REQUIREMENT: After finding the line with "81.105C86.466 73.888 85.855" in the entries below, retype exactly each line from there through the line with "97.997C89.801 96.907 88.434", including that final line.

(Saved data entries)
^^^^^^^^

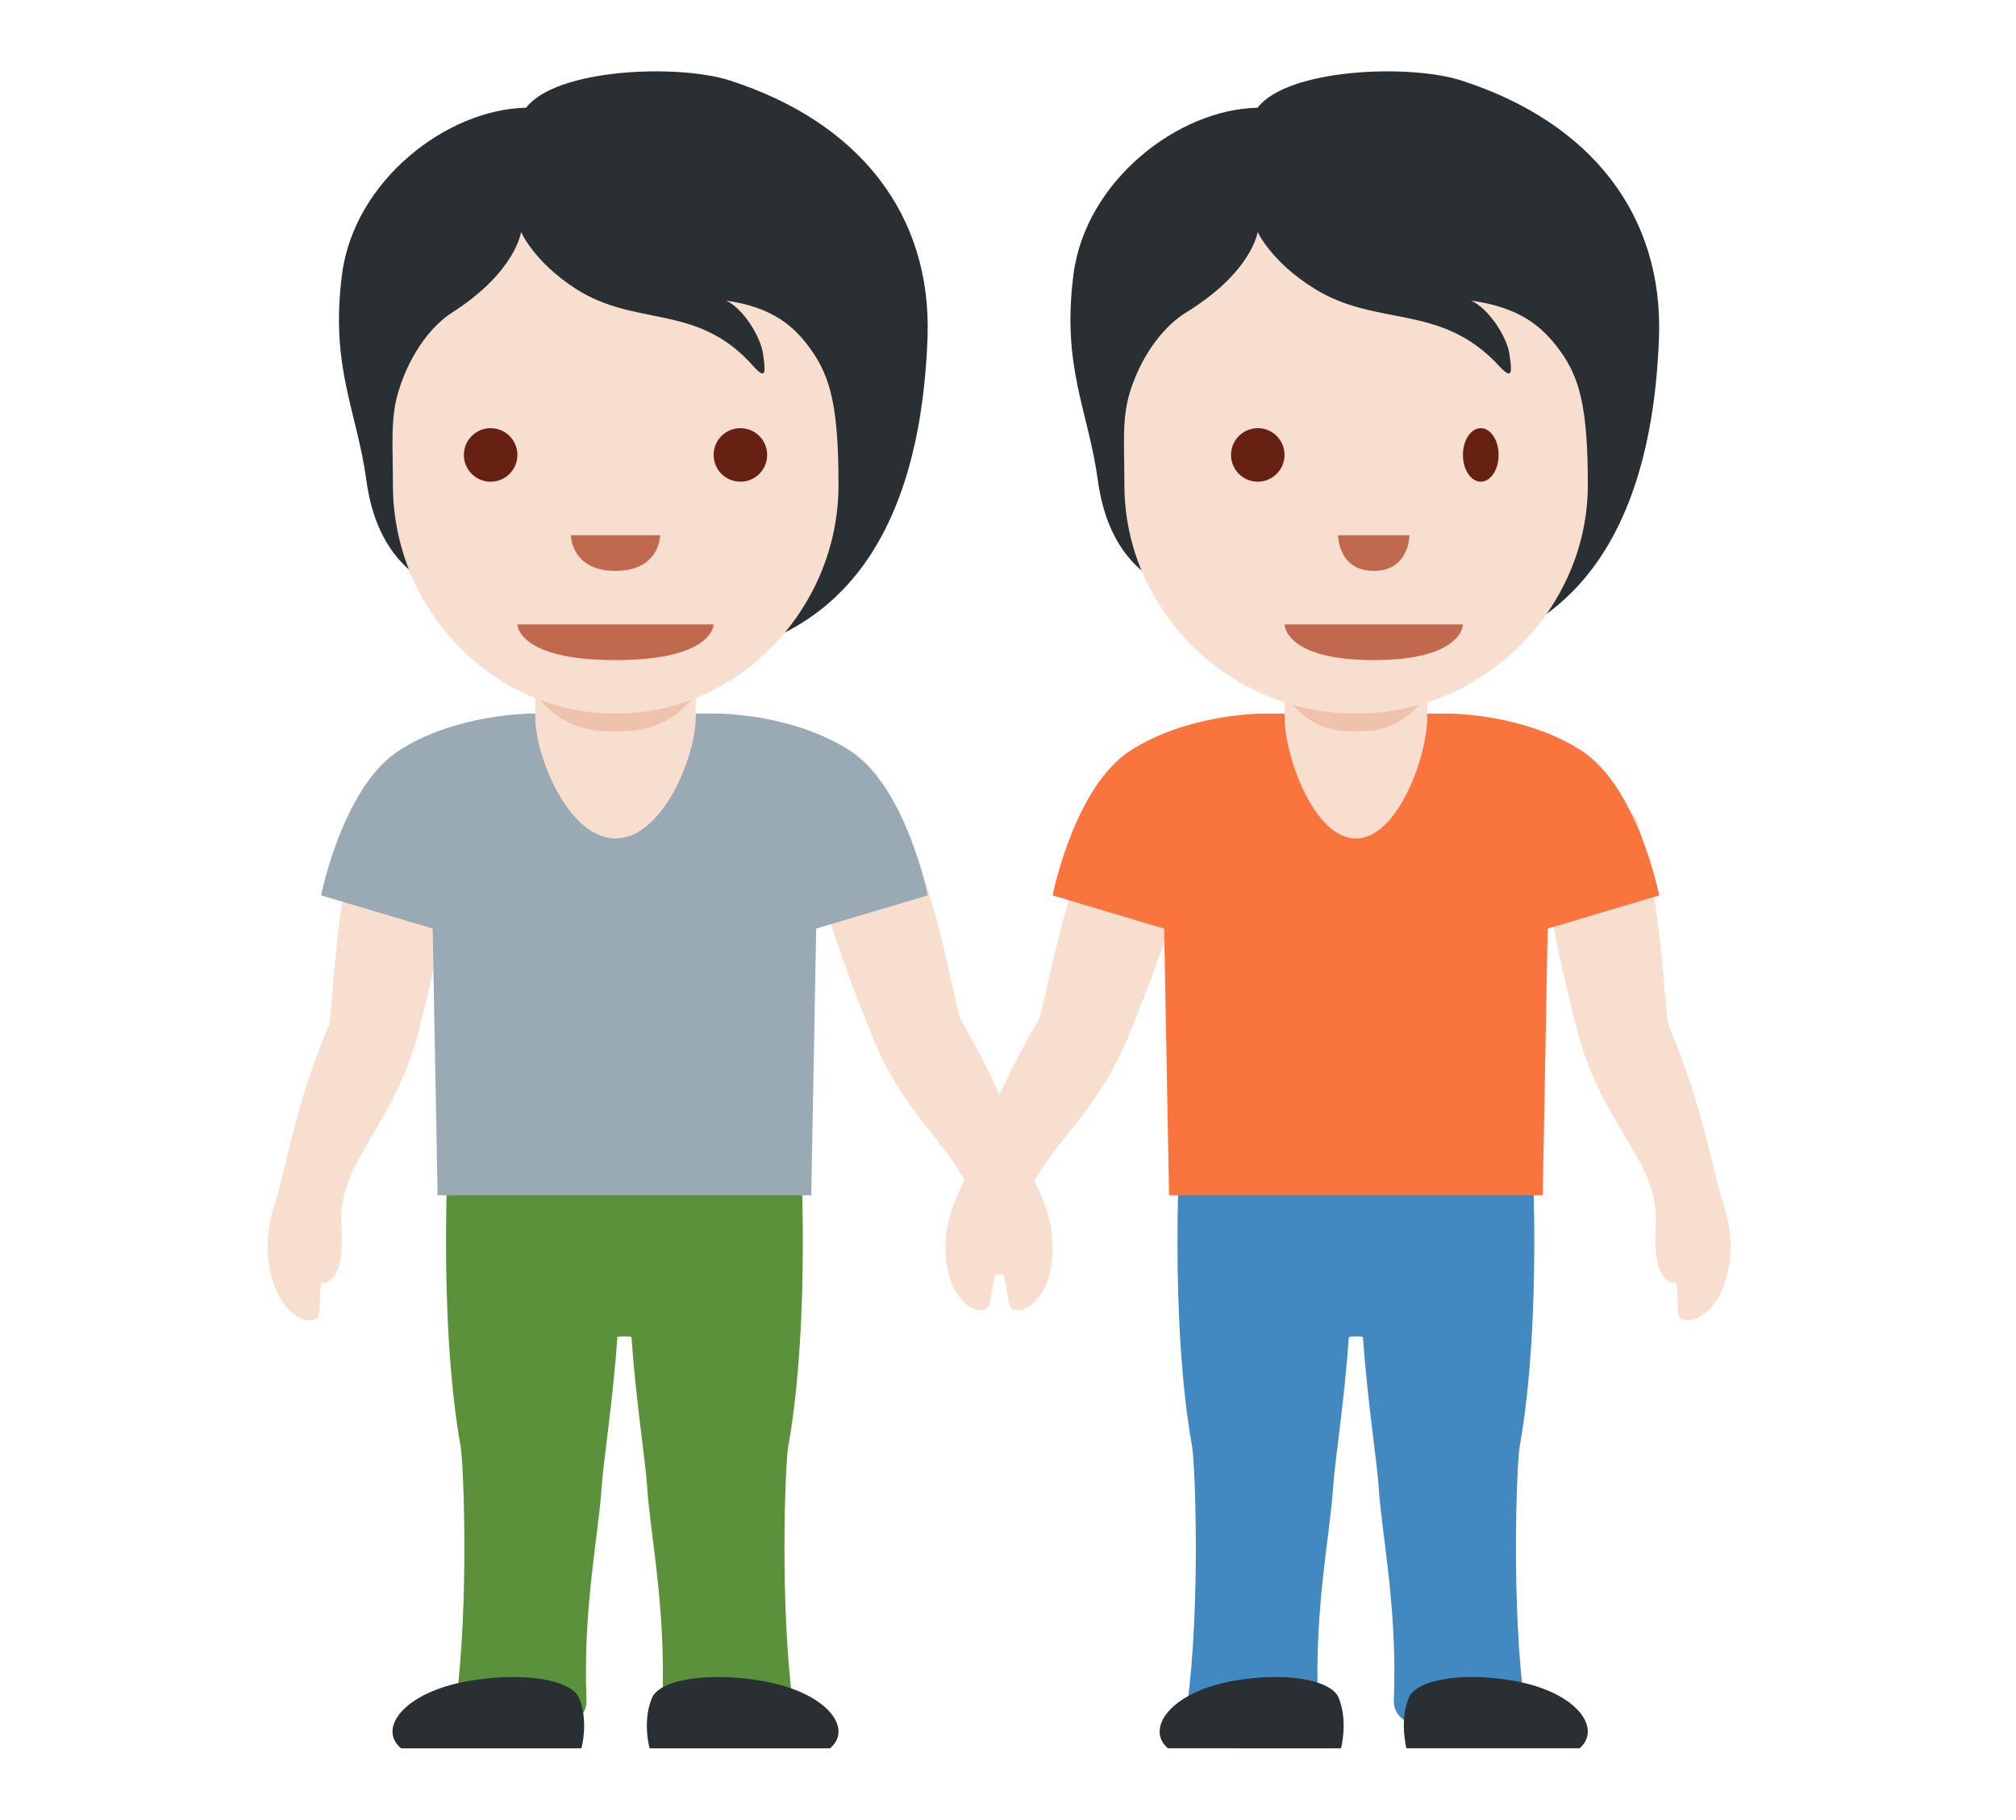 <svg width="113" height="102" viewBox="0 0 113 102" fill="none" xmlns="http://www.w3.org/2000/svg">
<path d="M56.757 73.383C57.471 73.616 58.039 72.978 58.299 72.613C59.034 71.579 59.41 69.273 58.31 66.93C57.197 64.565 56.462 61.643 53.862 57.18C53.56 56.66 52.562 50.173 50.594 46.07C50.062 44.96 46.66 44.325 45.307 44.72C43.957 45.113 45.32 47.221 45.404 47.614C46.31 51.827 48.839 58.017 49.22 58.852C51.326 63.46 54.392 64.948 54.67 68.308C54.815 70.069 55.21 71.59 56.249 71.442C56.492 72.34 56.494 73.299 56.757 73.383ZM17.749 73.904C17.073 74.225 16.423 73.664 16.117 73.337C15.249 72.406 14.562 70.168 15.338 67.703C16.12 65.215 16.454 62.227 18.428 57.471C18.657 56.917 18.767 50.36 20.165 46.042C20.541 44.876 23.828 43.809 25.223 44.029C26.615 44.248 25.549 46.509 25.517 46.91C25.191 51.202 23.523 57.66 23.257 58.535C21.794 63.371 18.957 65.238 19.136 68.604C19.23 70.37 19.046 71.926 17.996 71.911C17.87 72.837 17.996 73.787 17.749 73.904V73.904Z" fill="#F7DECE"/>
<path d="M25.823 81.105C24.534 73.888 25.145 64 25.145 64H44.854C44.854 64 45.468 73.888 44.178 81.105C44.016 82.013 43.694 89.931 44.459 95.622C44.63 96.887 37.018 98.096 37.127 95.292C37.328 90.095 36.446 86.019 36.281 83.414C36.191 81.97 35.636 78.465 35.394 74.946C35.365 74.899 34.633 74.899 34.605 74.946C34.362 78.465 33.811 81.97 33.718 83.414C33.553 86.019 32.671 90.095 32.872 95.292C32.98 98.096 25.369 96.887 25.539 95.622C26.305 89.931 25.983 82.013 25.823 81.105V81.105Z" fill="#5C913B"/>
<path d="M22.482 98C21.166 96.909 22.59 94.879 26.225 94.232C29.292 93.686 32.026 94.146 32.455 95.172C33.014 96.498 32.587 98 32.587 98H22.482ZM46.519 98C47.834 96.909 46.41 94.879 42.775 94.232C39.708 93.686 36.974 94.146 36.545 95.172C35.986 96.498 36.413 98 36.413 98H46.519Z" fill="#292F33"/>
<path d="M22.363 42.072C25.574 40 29.731 40 29.731 40H40.269C40.269 40 44.426 40 47.637 42.072C50.801 44.112 52 50.188 52 50.188L45.748 52.049L45.472 67H24.528L24.252 52.049L18 50.188C18 50.188 19.199 44.112 22.363 42.072V42.072Z" fill="#99AAB5"/>
<path d="M40.907 4.511C38.009 3.577 31.191 3.831 29.486 6.039C25.054 6.123 19.854 10.113 19.171 15.376C18.496 20.585 20.001 23.003 20.535 26.919C21.142 31.356 23.645 32.776 25.65 33.37C28.532 37.161 31.596 36.999 36.737 36.999C46.781 36.999 51.566 30.307 51.989 18.942C52.243 12.064 48.192 6.858 40.907 4.511V4.511Z" fill="#292F33"/>
<path d="M30 34V40.171C30 42.443 31.89 47 34.5 47C37.11 47 39 42.443 39 40.171V34H30Z" fill="#F7DECE"/>
<path d="M30 38.944C31.368 40.588 32.65 41 34.496 41C36.339 41 37.632 40.585 39 38.944V37H30V38.944Z" fill="#EEC2AD"/>
<path d="M45.486 19.64C44.545 18.306 43.344 17.229 40.704 16.848C41.692 17.312 42.64 18.921 42.764 19.807C42.889 20.696 43.011 21.413 42.228 20.527C39.09 16.968 35.675 18.371 32.288 16.196C29.925 14.679 29.206 13 29.206 13C29.206 13 28.916 15.242 25.331 17.526C24.292 18.188 23.052 19.661 22.363 21.841C21.868 23.405 22.023 24.803 22.023 27.186C22.023 34.147 27.616 40 34.511 40C41.407 40 47 34.095 47 27.186C47 22.855 46.558 21.163 45.486 19.64V19.64Z" fill="#F7DECE"/>
<path d="M40 35H29C29 35 29 37 34.5 37C40 37 40 35 40 35Z" fill="#C1694F"/>
<path d="M27.5 27C28.328 27 29 26.328 29 25.5C29 24.672 28.328 24 27.5 24C26.672 24 26 24.672 26 25.5C26 26.328 26.672 27 27.5 27Z" fill="#662113"/>
<path d="M41.5 27C42.328 27 43 26.328 43 25.5C43 24.672 42.328 24 41.5 24C40.672 24 40 24.672 40 25.5C40 26.328 40.672 27 41.5 27Z" fill="#662113"/>
<path d="M32 30H37C37 30 37 32 34.5 32C32 32 32 30 32 30Z" fill="#C1694F"/>
<path d="M55.274 73.383C54.551 73.616 53.974 72.978 53.71 72.613C52.966 71.579 52.584 69.273 53.7 66.93C54.828 64.565 55.572 61.643 58.209 57.18C58.515 56.66 59.526 50.173 61.522 46.07C62.061 44.96 65.511 44.325 66.882 44.72C68.251 45.113 66.869 47.221 66.783 47.614C65.866 51.827 63.302 58.017 62.915 58.852C60.781 63.46 57.672 64.948 57.389 68.308C57.243 70.069 56.843 71.59 55.789 71.442C55.541 72.34 55.538 73.299 55.274 73.383ZM94.213 73.904C94.899 74.225 95.558 73.664 95.867 73.337C96.748 72.406 97.444 70.168 96.657 67.703C95.865 65.215 95.526 62.227 93.525 57.471C93.293 56.917 93.181 50.36 91.764 46.042C91.382 44.876 88.05 43.809 86.636 44.029C85.225 44.248 86.305 46.509 86.337 46.91C86.668 51.202 88.359 57.66 88.629 58.535C90.112 63.371 92.989 65.238 92.807 68.604C92.711 70.37 92.898 71.926 93.962 71.911C94.09 72.837 93.962 73.787 94.213 73.904Z" fill="#F7DECE"/>
<path d="M85.177 81.105C86.466 73.888 85.855 64 85.855 64H66.146C66.146 64 65.532 73.888 66.822 81.105C66.984 82.013 67.306 89.931 66.54 95.622C66.37 96.887 73.982 98.096 73.873 95.292C73.672 90.095 74.554 86.019 74.719 83.414C74.809 81.97 75.364 78.465 75.606 74.946C75.635 74.899 76.367 74.899 76.395 74.946C76.638 78.465 77.189 81.97 77.282 83.414C77.447 86.019 78.329 90.095 78.128 95.292C78.019 98.096 85.631 96.887 85.461 95.622C84.695 89.931 85.017 82.013 85.177 81.105V81.105Z" fill="#4289C1"/>
<path d="M88.538 97.997C89.801 96.907 88.434 94.879 84.944 94.232C82 93.686 79.375 94.146 78.963 95.172C78.426 96.496 78.836 97.997 78.836 97.997H88.538ZM65.462 97.997C64.199 96.907 65.566 94.879 69.056 94.232C72 93.686 74.625 94.146 75.037 95.172C75.574 96.499 75.164 98 75.164 98L65.462 97.997Z" fill="#292F33"/>
<path d="M88.637 42.072C85.426 40 81.269 40 81.269 40H70.731C70.731 40 66.574 40 63.363 42.072C60.199 44.112 59 50.188 59 50.188L65.251 52.049L65.528 67H86.472L86.749 52.049L93 50.188C93 50.188 91.801 44.112 88.637 42.072V42.072Z" fill="#FA743E"/>
<path d="M81.907 4.511C79.009 3.577 72.188 3.831 70.486 6.039C66.054 6.123 60.854 10.113 60.171 15.376C59.496 20.585 61.001 23.003 61.535 26.919C62.142 31.356 64.645 32.776 66.65 33.37C69.532 37.161 72.596 36.999 77.737 36.999C87.781 36.999 92.566 30.307 92.989 18.942C93.243 12.064 89.192 6.858 81.907 4.511V4.511Z" fill="#292F33"/>
<path d="M72 34V40.171C72 42.443 73.68 47 76 47C78.32 47 80 42.443 80 40.171V34H72Z" fill="#F7DECE"/>
<path d="M72 38.944C73.216 40.588 74.356 41 75.996 41C77.634 41 78.784 40.585 80 38.944V37H72V38.944Z" fill="#EEC2AD"/>
<path d="M87.428 19.64C86.45 18.306 85.197 17.229 82.454 16.848C83.482 17.312 84.468 18.921 84.597 19.807C84.727 20.696 84.854 21.413 84.04 20.527C80.776 16.968 77.225 18.371 73.702 16.196C71.242 14.679 70.494 13 70.494 13C70.494 13 70.193 15.242 66.465 17.526C65.384 18.188 64.094 19.661 63.378 21.841C62.863 23.405 63.024 24.803 63.024 27.186C63.024 34.147 68.84 40 76.012 40C83.184 40 89 34.095 89 27.186C89.003 22.855 88.543 21.163 87.428 19.64V19.64Z" fill="#F7DECE"/>
<path d="M82 35H72C72 35 72 37 77 37C82 37 82 35 82 35Z" fill="#C1694F"/>
<path d="M70.5 27C71.328 27 72 26.328 72 25.5C72 24.672 71.328 24 70.5 24C69.672 24 69 24.672 69 25.5C69 26.328 69.672 27 70.5 27Z" fill="#662113"/>
<path d="M83 27C83.552 27 84 26.328 84 25.5C84 24.672 83.552 24 83 24C82.448 24 82 24.672 82 25.5C82 26.328 82.448 27 83 27Z" fill="#662113"/>
<path d="M75 30H79C79 30 79 32 77 32C75 32 75 30 75 30Z" fill="#C1694F"/>
</svg>

^^^^^^^^

ANSWER BELOW:
<path d="M85.177 81.105C86.466 73.888 85.855 64 85.855 64H66.146C66.146 64 65.532 73.888 66.822 81.105C66.984 82.013 67.306 89.931 66.54 95.622C66.37 96.887 73.982 98.096 73.873 95.292C73.672 90.095 74.554 86.019 74.719 83.414C74.809 81.97 75.364 78.465 75.606 74.946C75.635 74.899 76.367 74.899 76.395 74.946C76.638 78.465 77.189 81.97 77.282 83.414C77.447 86.019 78.329 90.095 78.128 95.292C78.019 98.096 85.631 96.887 85.461 95.622C84.695 89.931 85.017 82.013 85.177 81.105V81.105Z" fill="#4289C1"/>
<path d="M88.538 97.997C89.801 96.907 88.434 94.879 84.944 94.232C82 93.686 79.375 94.146 78.963 95.172C78.426 96.496 78.836 97.997 78.836 97.997H88.538ZM65.462 97.997C64.199 96.907 65.566 94.879 69.056 94.232C72 93.686 74.625 94.146 75.037 95.172C75.574 96.499 75.164 98 75.164 98L65.462 97.997Z" fill="#292F33"/>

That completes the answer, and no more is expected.